编辑:
事实证明,慢速版本实际上是插入排序O(n ^ 2)而不是解释性能问题的合并排序O(n log n)。我想我会为未来的读者节省趟代码来发现这个答案的痛苦。
ORIGINAL BEGINS HERE ------------------------------------------- < / p>
我在haskell中编写了两个版本的合并排序,我不能理解为什么这个版本比另一个快1000倍。在这两种情况下,我们首先将列表中的项目排序为创建列表列表的列表。然后我们将列表配对并合并它们,直到只剩下一个列表。问题似乎是我在慢版本中调用“doMerge(x1:x2:xs)= doMerge $ merge x1 x2:doMerge xs”但在快速版本中调用doMerge(mergePairs xs)。我对1000x的速度差异感到惊讶!
-- Better version: takes 0.34 seconds to sort a 100,000 integer list.
betMergeSort :: [Int] -> [Int]
betMergeSort list = doMerge $ map (\x -> [x]) list
where
doMerge :: [[Int]] -> [Int]
doMerge [] = []
doMerge [xs] = xs
doMerge xs = doMerge (mergePairs xs)
mergePairs :: [[Int]] -> [[Int]]
mergePairs (x1:x2:xs) = merge x1 x2 : mergePairs xs
mergePairs xs = xs
-- expects two sorted lists and returns one sorted list.
merge :: [Int] -> [Int] -> [Int]
merge [] ys = ys
merge xs [] = xs
merge (x:xs) (y:ys) = if x <= y
then x : merge xs (y:ys)
else y : merge (x:xs) ys
-- Slow version: takes 350 seconds to sort a 100,000 integer list.
slowMergeSort :: [Int] -> [Int]
slowMergeSort list = head $ doMerge $ map (\x -> [x]) list
where
doMerge :: [[Int]] -> [[Int]]
doMerge [] = []
doMerge (oneList:[]) = [oneList]
doMerge (x1:x2:xs) = doMerge $ merge x1 x2 : doMerge xs
-- expects two sorted list and returns one sorted list.
merge :: [Int] -> [Int] -> [Int]
merge [] ys = ys
merge xs [] = xs
merge (x:xs) (y:ys) = if x <= y then x : merge xs (y:ys) else y : merge (x:xs) ys
查看分析器输出,很明显慢速版本正在分配 way 更多内存。
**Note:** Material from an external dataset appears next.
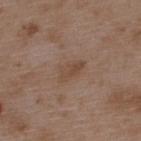Clinical impression: Part of a total-body skin-imaging series; this lesion was reviewed on a skin check and was not flagged for biopsy. Clinical summary: The recorded lesion diameter is about 3.5 mm. A male patient aged 48–52. Automated tile analysis of the lesion measured a footprint of about 6 mm², an outline eccentricity of about 0.8 (0 = round, 1 = elongated), and two-axis asymmetry of about 0.25. And it measured an average lesion color of about L≈47 a*≈16 b*≈27 (CIELAB), about 6 CIELAB-L* units darker than the surrounding skin, and a lesion-to-skin contrast of about 5.5 (normalized; higher = more distinct). From the back. A close-up tile cropped from a whole-body skin photograph, about 15 mm across. The tile uses white-light illumination.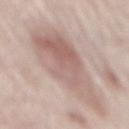Clinical impression:
Recorded during total-body skin imaging; not selected for excision or biopsy.
Clinical summary:
The lesion is on the back. This is a white-light tile. A close-up tile cropped from a whole-body skin photograph, about 15 mm across. An algorithmic analysis of the crop reported an area of roughly 38 mm², a shape eccentricity near 0.9, and a symmetry-axis asymmetry near 0.3. And it measured a border-irregularity rating of about 4/10, a color-variation rating of about 5/10, and peripheral color asymmetry of about 1.5. The analysis additionally found lesion-presence confidence of about 55/100. The subject is a male roughly 80 years of age.

我不知道为什么会这样。两个版本看起来都很相似。有人可以解释为什么分配如此不同?
slowMergeSort分析结果:
Wed Aug 21 12:24 2013 Time and Allocation Profiling Report (Final)
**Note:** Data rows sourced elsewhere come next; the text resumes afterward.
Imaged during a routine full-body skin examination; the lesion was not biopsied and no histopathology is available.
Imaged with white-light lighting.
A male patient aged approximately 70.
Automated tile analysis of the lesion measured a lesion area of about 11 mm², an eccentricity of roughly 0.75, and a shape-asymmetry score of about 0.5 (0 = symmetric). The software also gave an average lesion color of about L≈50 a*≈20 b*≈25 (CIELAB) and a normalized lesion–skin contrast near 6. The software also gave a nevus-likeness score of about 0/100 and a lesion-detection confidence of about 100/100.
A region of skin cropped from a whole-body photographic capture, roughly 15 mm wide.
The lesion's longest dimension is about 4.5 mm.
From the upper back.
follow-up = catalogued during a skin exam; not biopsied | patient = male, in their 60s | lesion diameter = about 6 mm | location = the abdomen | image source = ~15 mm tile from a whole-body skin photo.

mergeSort +RTS -sstderr -p -RTS s
total time = 12.02 secs (12017 ticks @ 1000 us, 1 processor)
total alloc = 17,222,571,672 bytes (excludes profiling overheads)
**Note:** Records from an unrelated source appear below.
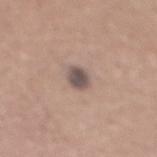Captured during whole-body skin photography for melanoma surveillance; the lesion was not biopsied. A male subject aged 43–47. Measured at roughly 2.5 mm in maximum diameter. Imaged with white-light lighting. The lesion is located on the mid back. A 15 mm crop from a total-body photograph taken for skin-cancer surveillance.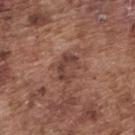Impression:
The lesion was photographed on a routine skin check and not biopsied; there is no pathology result.
Background:
Cropped from a whole-body photographic skin survey; the tile spans about 15 mm. On the upper back. A male patient, approximately 75 years of age.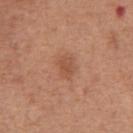Imaged during a routine full-body skin examination; the lesion was not biopsied and no histopathology is available. The recorded lesion diameter is about 2.5 mm. On the abdomen. A male patient roughly 65 years of age. Captured under white-light illumination. Cropped from a total-body skin-imaging series; the visible field is about 15 mm.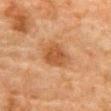Part of a total-body skin-imaging series; this lesion was reviewed on a skin check and was not flagged for biopsy. This is a cross-polarized tile. A male patient, roughly 80 years of age. An algorithmic analysis of the crop reported roughly 9 lightness units darker than nearby skin and a normalized border contrast of about 7.5. It also reported lesion-presence confidence of about 100/100. About 3.5 mm across. The lesion is located on the front of the torso. A 15 mm close-up extracted from a 3D total-body photography capture.

COST CENTRE MODULE %time %alloc
slowMergeSort.merge Main 99.2 99.4
individual inherited
COST CENTRE MODULE no. entries %time %alloc %time %alloc
MAIN MAIN 74 0 0.0 0.0 100.0 100.0
main Main 149 0 0.0 0.0 100.0 100.0
main.sortedL Main 165 1 0.0 0.0 99.3 99.5
slowMergeSort Main 167 1 0.0 0.0 99.3 99.5
slowMergeSort.\ Main 170 40000 0.0 0.0 0.0 0.0
slowMergeSort.doMerge Main 168 79999 0.0 0.0 99.2 99.5
slowMergeSort.merge Main 169 267588870 99.2 99.4 99.2 99.4
main.sortVersion Main 161 1 0.0 0.0 0.0 0.0
randomInts Main 151 1 0.0 0.0 0.7 0.5
force Main 155 1 0.0 0.0 0.0 0.0
force.go Main 156 40001 0.0 0.0 0.0 0.0
randomInts.result Main 152 1 0.7 0.5 0.7 0.5
libMergeSort Profiling
Wed Aug 21 12:23 2013 Time and Allocation Profiling Report (Final)
mergeSort +RTS -sstderr -p -RTS l
total time = 0.12 secs (124 ticks @ 1000 us, 1 processor)
total alloc = 139,965,768 bytes (excludes profiling overheads)
COST CENTRE MODULE %time %alloc
randomInts.result Main 66.9 64.0
libMergeSort.merge Main 24.2 30.4
main Main 4.0 0.0
libMergeSort Main 2.4 3.2
libMergeSort.merge_pairs Main 1.6 2.3
individual inherited
COST CENTRE MODULE no. entries %time %alloc %time %alloc
MAIN MAIN 74 0 0.0 0.0 100.0 100.0
main Main 149 0 4.0 0.0 100.0 100.0
main.sortedL Main 165 1 0.0 0.0 28.2 35.9
libMergeSort Main 167 1 2.4 3.2 28.2 35.9
libMergeSort.\ Main 171 40000 0.0 0.0 0.0 0.0
libMergeSort.libMergeSort' Main 168 17 0.0 0.0 25.8 32.7
libMergeSort.merge_pairs Main 169 40015 1.6 2.3 25.8 32.7
libMergeSort.merge Main 170 614711 24.2 30.4 24.2 30.4
main.sortVersion Main 161 1 0.0 0.0 0.0 0.0
randomInts Main 151 1 0.0 0.0 67.7 64.0
force Main 155 1 0.0 0.0 0.8 0.0
force.go Main 156 40001 0.8 0.0 0.8 0.0
randomInts.result Main 152 1 66.9 64.0 66.9 64.0
答案 0 :(得分:16)
其中第二个是O(n^2),不应该使用,因为它是错误的算法(不应该称为mergesort)。
doMerge (x1:x2:xs) = doMerge $ merge x1 x2 : doMerge xs
完整地排序xs,它只是一个比原始列表短的常量。将非常短的列表与非常长的列表合并等同于插入,因此我们看到这实际上只是插入排序。 mergesort的整个点是分而治之,这不是分而治之。随着列表长度的增加,速度比将继续恶化。
第一种是合适的合并排序,因为它合并了大约均匀的列表。